My first thought was this is another unfortunate attempt to “crack the code,” but I thought I would explore it further. Jerry Bowyer, a Christian economist, writer, and President of Bowyer Research has publicly addressed the topic, and as he said, “It’s important to be fair to a theory like this when you first hear it no matter how strange it seems on the surface. The Bible is filled with strange things and the Bible is true. So, strange things can be true. They can be true; that doesn’t mean they must be true. Things have to be tested.”

So, on to the testing…The Christian Post published an opinion article by Bowyer who also collaborated with Jay Ryan, author of Signs and Seasons: Understanding the Elements of Classical Astronomy, on a research paper addressing the Blood Moon/Shemitah conversation. (Go to and search “bowyer” to reference his opinion article which also includes a link to the research paper.) His fact checking should give pause if you’re basing your financial strategy on this theory. I’ll attempt to summarize a few points:

­First, regarding the Shemitah, it’s guesswork to know when the original Shemitah year occurred. Rabbi Cahn, in his calculations, also fails to account for the “Jubilee” which is ordained every 50th year as in Leviticus 25. Additionally, many of the events attributed to Shemitah years didn’t actually occur in those years when dates are closely examined.

“Lunar eclipses during the Biblical feasts are conventional occurrences for the simple reason that the Hebrew calendar is a lunar calendar. Certain Holy Days occur on new or full moons precisely because they are timed to them.”

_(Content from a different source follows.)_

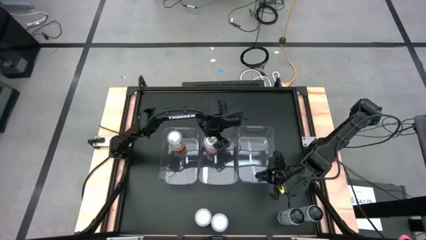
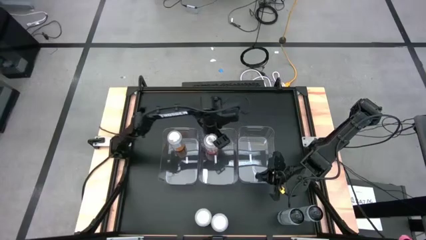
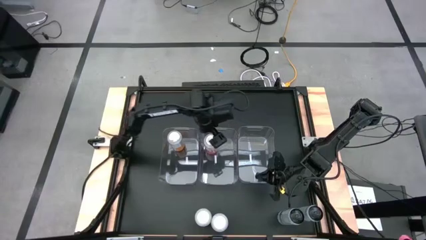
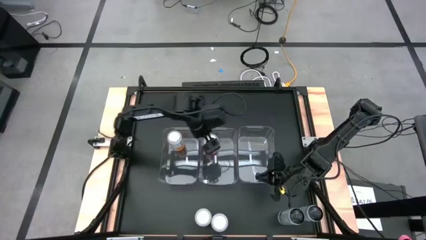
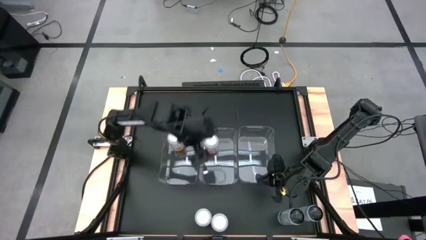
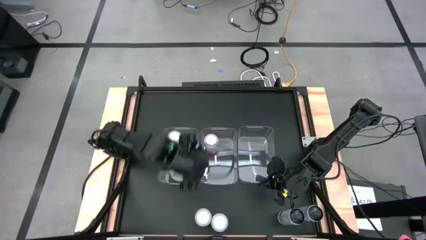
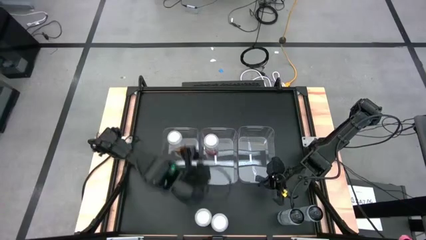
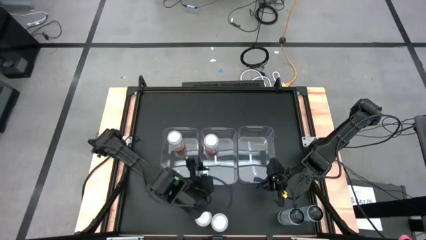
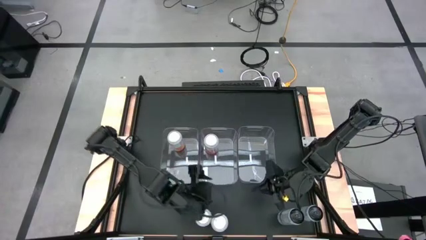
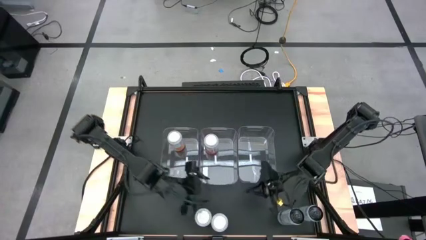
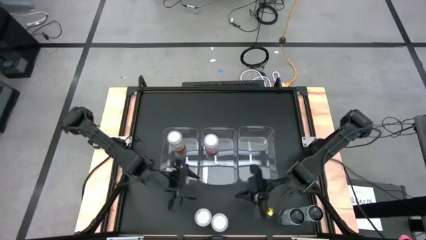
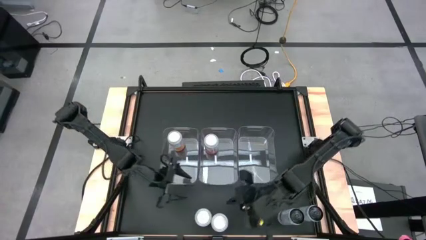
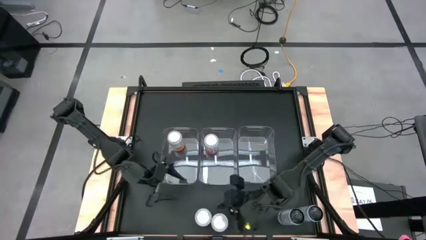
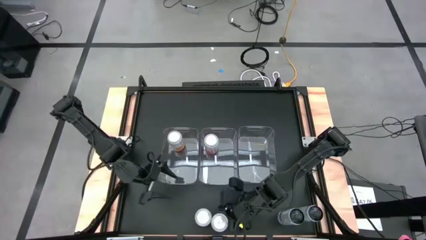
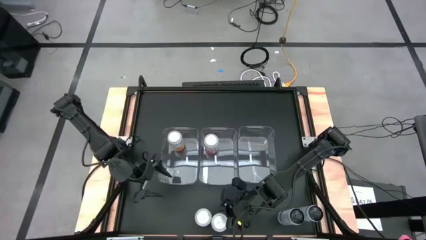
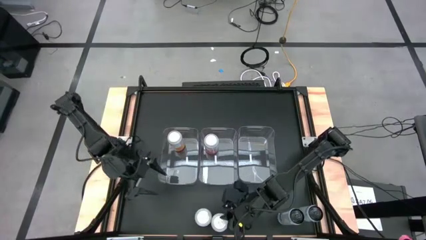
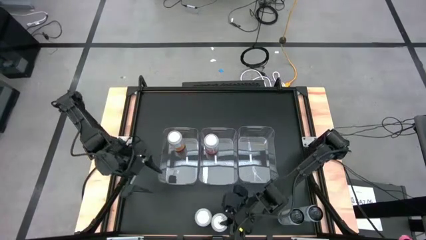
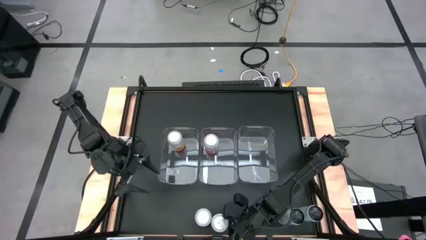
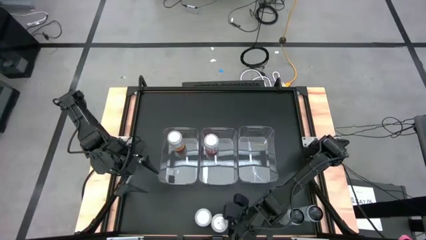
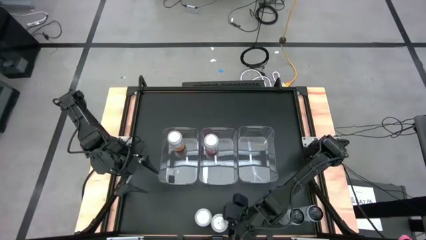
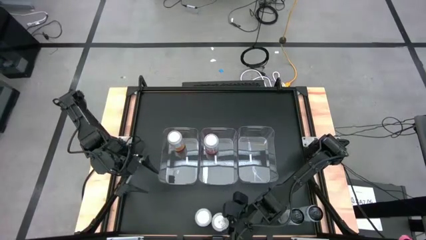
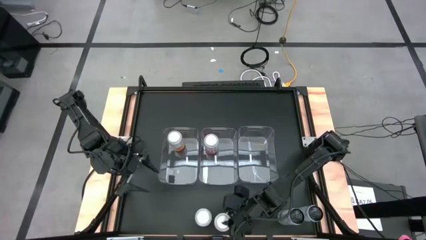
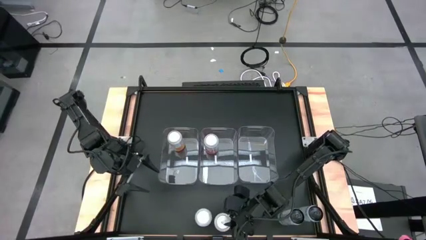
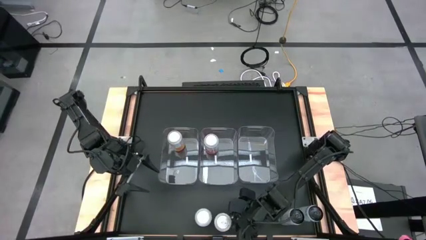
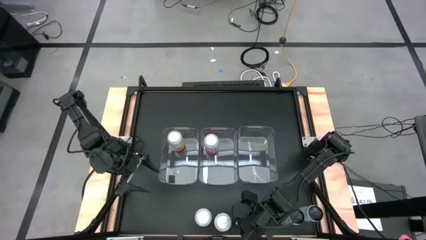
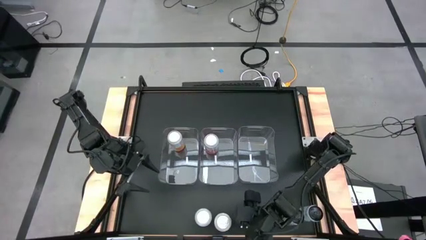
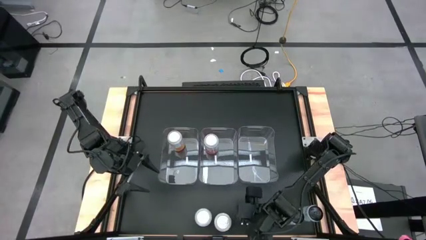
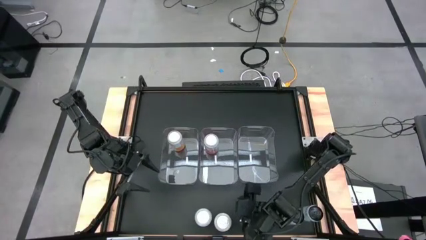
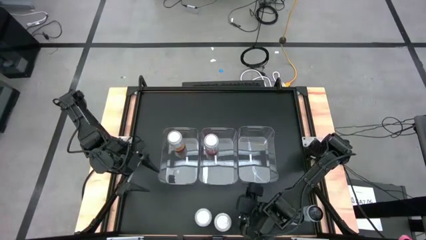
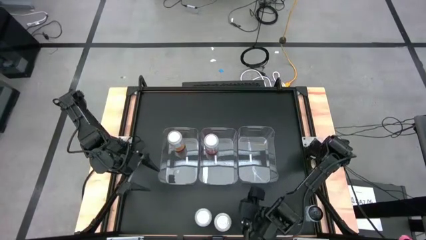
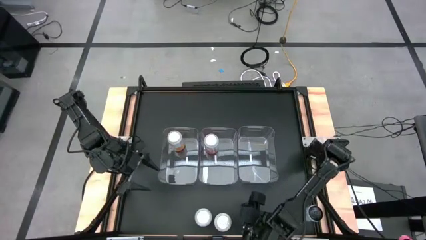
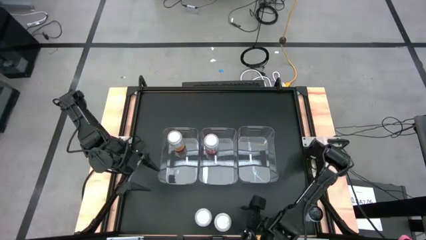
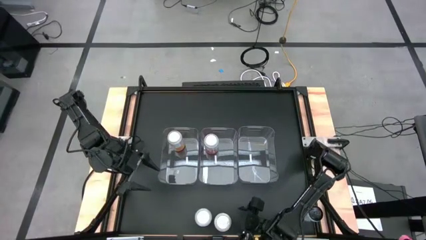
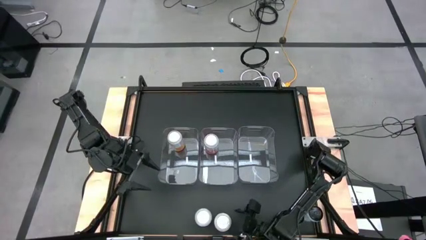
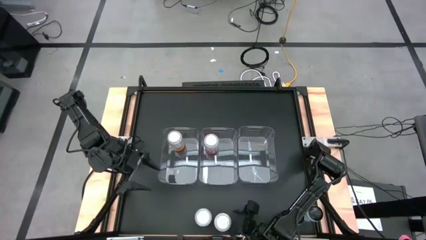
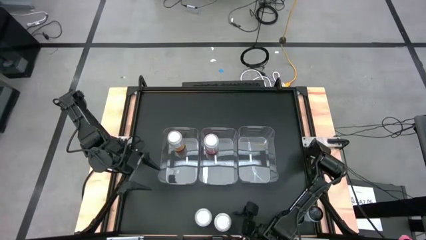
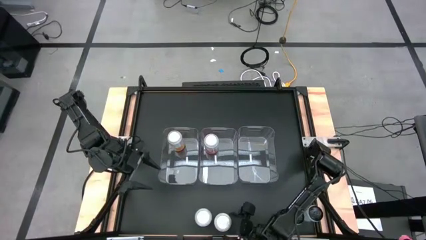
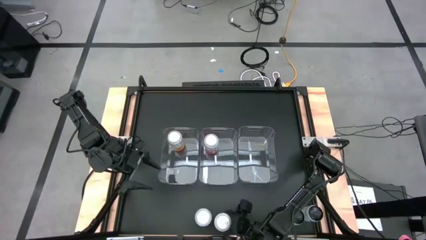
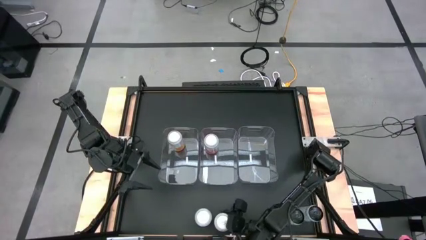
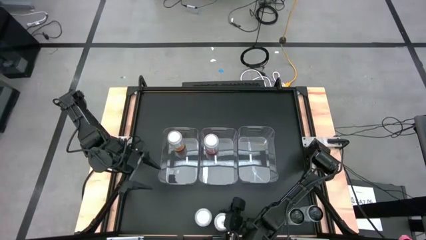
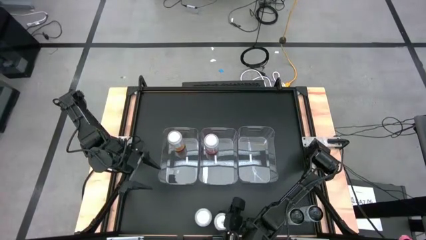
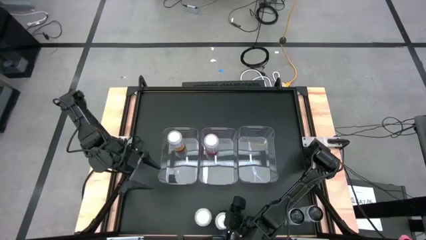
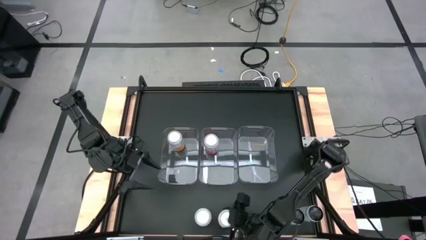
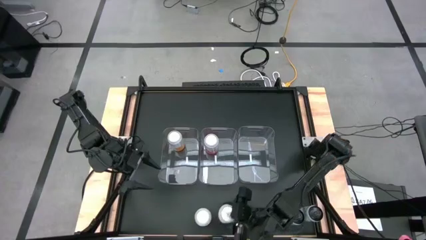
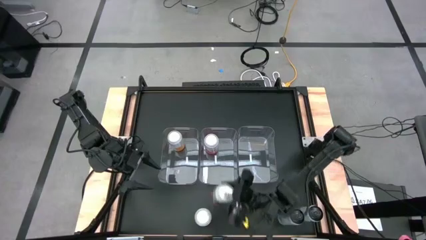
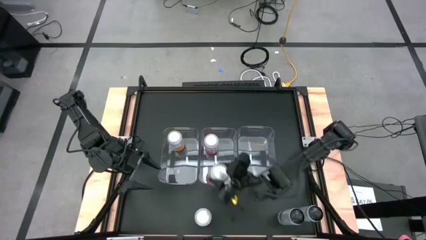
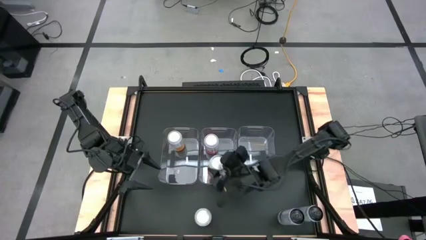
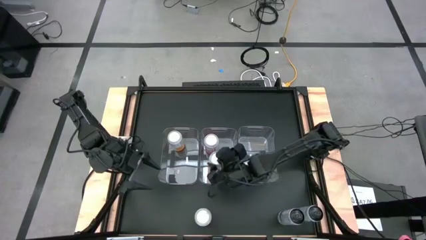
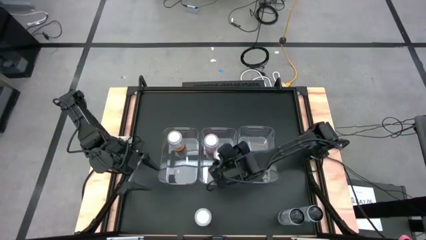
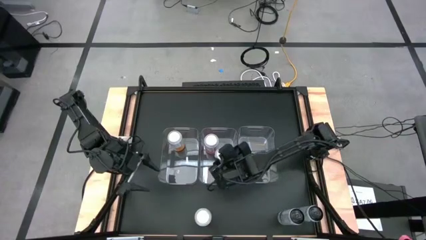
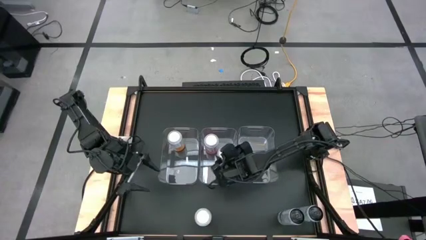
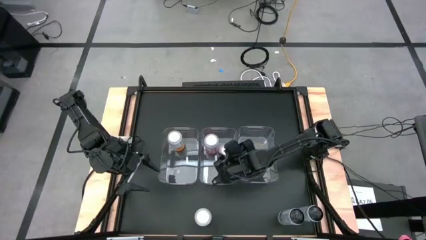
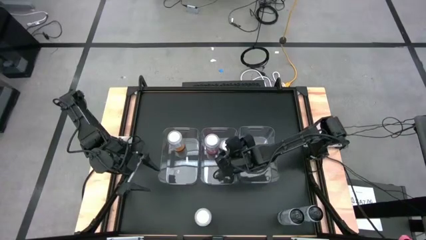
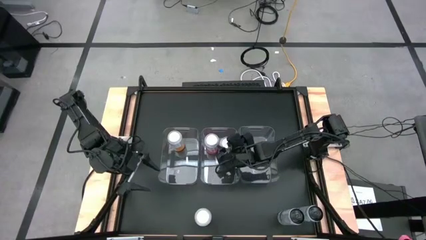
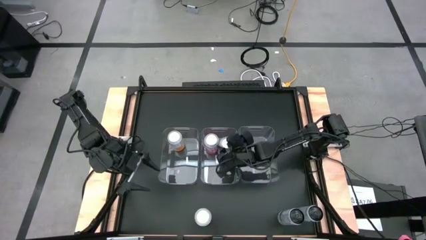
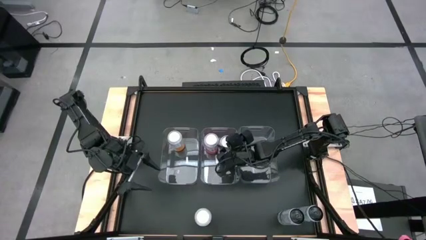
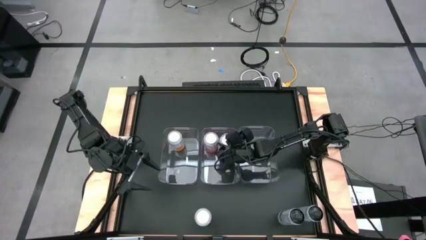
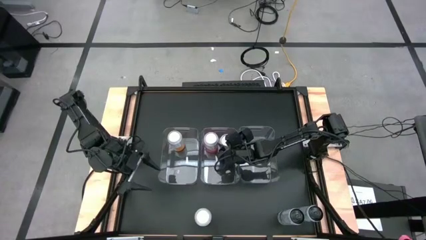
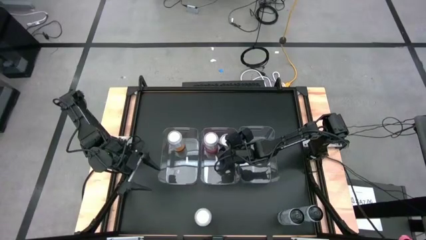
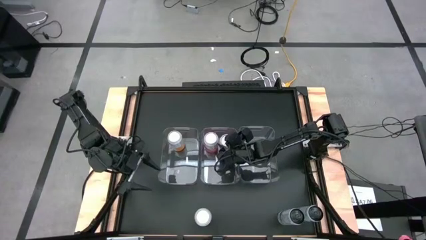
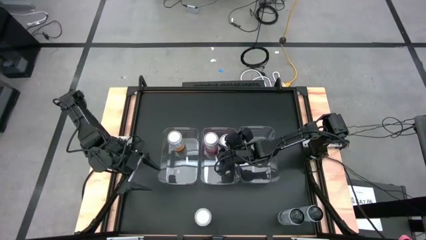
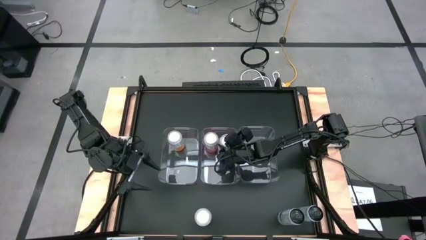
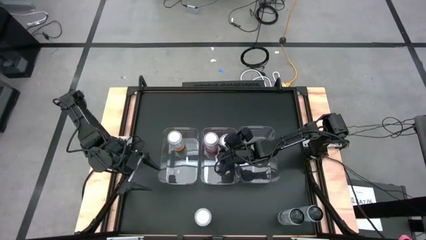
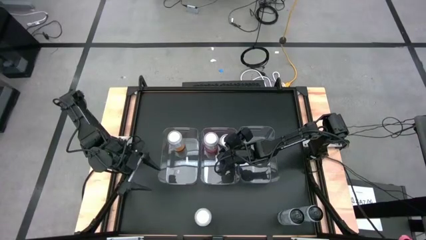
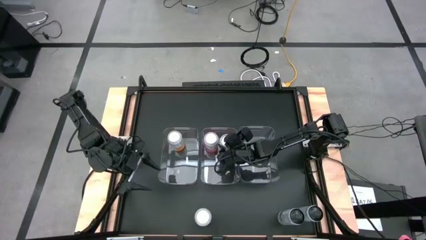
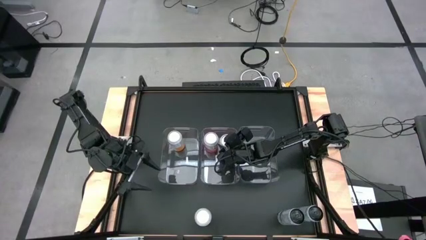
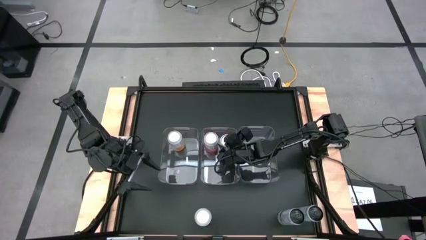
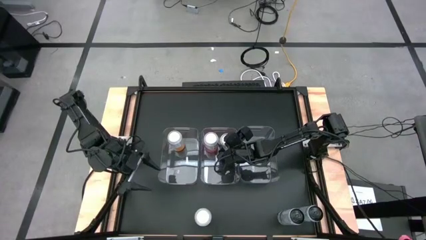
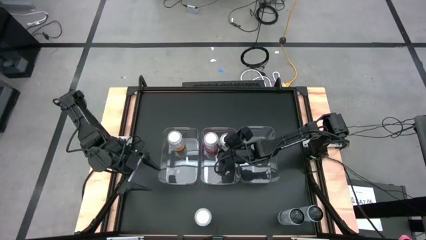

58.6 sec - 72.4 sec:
Task: Sort soda cans
Put the pink soda can into the center transparent bin

Specifically, in regards to previous lunar eclipse/Biblical feast tetrads, “It’s hard to square (the) theory about tetrads as warnings if the warnings mostly occur after the event, and were not visible to the people (Israel) being warned.”

The bottom line is because a discussion is confidently communicated, seemingly fact-driven or ascribed to the Bible, doesn’t make it true. The financial markets may decline this year — I don’t know. My concern is that this topic piques interest (which is fine) and emotions (which is not fine when it conflicts with principled, biblical decision-making).

Biblical prosperity is clearly based on prioritizing obedience, dependence and Spirit-led contentment. I do not believe there is an “easier” route. “The plans of the diligent lead surely to advantage, but everyone who is hasty comes surely to poverty” (Proverbs 21:5).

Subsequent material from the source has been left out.